Give an example in which you might want to implement a list (the conceptual structure) as a tree (the actual underlying structure). Give an example in which you might want to implement a tree (the conceptual structure) as a list (the actual underlying structure).
The linked tree structures discussed in the text contained pointers that allowed one to move down the tree from parents to children. Describe a pointer system that would allow movement up the tree from children to parents. What about movement among siblings?
Describe a data structure suitable for representing a board configuration during a chess game.
Identify the trees below whose nodes would be printed in alphabetical order by the algorithm in Figure 8.24.
Modify the procedure in Figure 8.24 to print the "list" in reverse order.
Describe a tree structure that can be used to store the genealogical history of a family. What operations are performed on the tree? If the tree is implemented as a linked structure, what pointers should be associated with each node? Design procedures to perform the operations you identified above, assuming that the tree is implemented as a linked structure with the pointers you just described. Using your storage system, explain how one could find all the siblings of a person.
Design a procedure for finding and deleting a given value from a tree stored in the fashion of Figure 8.20.

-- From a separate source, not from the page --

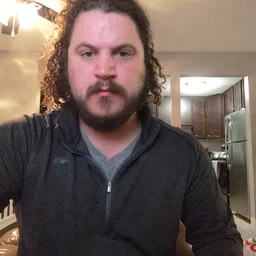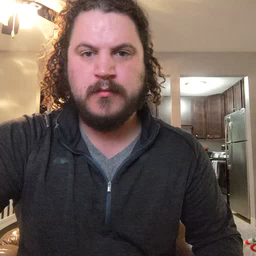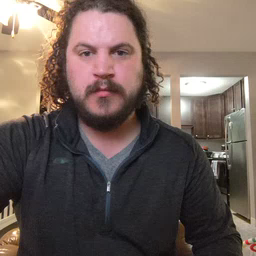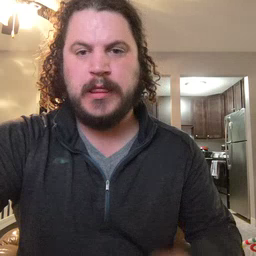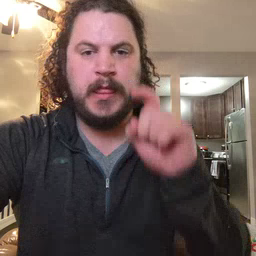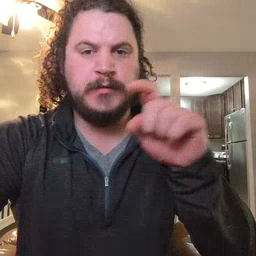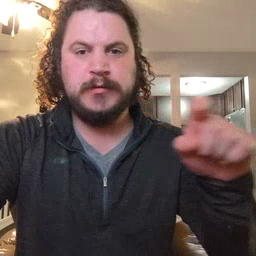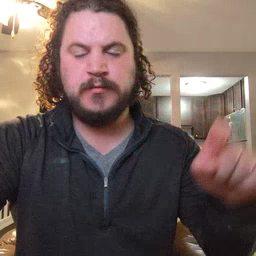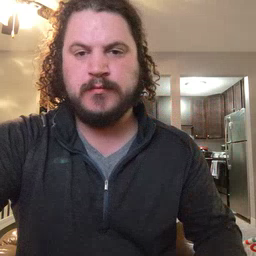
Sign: closet

In the traditional implementation of a tree, each node is constructed with a separate pointer for each possible child. The number of such pointers is a design decision and represents the maximum number of children any node can have. If a node has fewer children than pointers, some of its pointers are simply set to NIL. But such a node can never have more children than pointers. Describe how a tree could be implemented without limiting the number of children a node could have.
Using the define type pseudocode statement introduced in Section 8.5, define a userdefined data type representing data regarding an employee of a company (such as name, address, job assignment, pay scale, and so on).

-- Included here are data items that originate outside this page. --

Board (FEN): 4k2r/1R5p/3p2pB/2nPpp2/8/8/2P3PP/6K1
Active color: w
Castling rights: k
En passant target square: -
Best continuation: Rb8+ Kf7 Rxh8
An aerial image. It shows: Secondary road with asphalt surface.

Using the define type pseudocode statement introduced in Section 8.5, sketch a definition of an abstract data type representing a list of names. In particular, what structure would contain the list and what procedures would be provided to manipulate the list? (You do not need to include detailed descriptions of the procedures.)

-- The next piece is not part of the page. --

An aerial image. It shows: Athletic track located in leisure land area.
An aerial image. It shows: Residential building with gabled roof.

Using the define type pseudocode statement introduced in Section 8.5, sketch a definition of an abstract data type representing a queue. Then give pseudocode statements showing how instances of that type could be created and how entries could be inserted in and deleted from those instances.
a. What is the difference between a userdefined data type and a primitive data type?b. What is the difference between an abstract data type and a user-defined data type?
Identify the data structures and procedures that might appear in an abstract data type representing an address book.
Identify the data structures and procedures that might appear in an abstract data type representing a simple spacecraft in a video game.
Modify Figure 8.27 so that the class defines a queue rather than a stack.
In what way is a class more general than a traditional abstract data type?
Using instructions of the form DR0S and ER0S as described at the end of Section 8.7, write a complete machine language routine to push an entry onto a stack implemented as shown in Figure 8.12. Assume that the stack pointer is in register $\mathrm{F}$ and that the entry to be pushed is in register 5 .
Suppose each entry in a linked list consists of one memory cell of data followed by a pointer to the next list entry. Moreover, suppose that a new entry located at memory address $A 0$ is to be inserted between the entries at locations B5 and C4. Using the language described in Appendix $\mathrm{C}$ and the additional op-codes $\mathrm{D}$ and $\mathrm{E}$ as described at the end of Section 8.7, write a machine-language routine to perform the insertion.
What advantages does an instruction of the form DR0S as described in Section 8.7 have over an instruction of the form DRXY? What advantage does the form DRXS as described in Question/Exercise 4 of Section 8.7 have over the form DROS?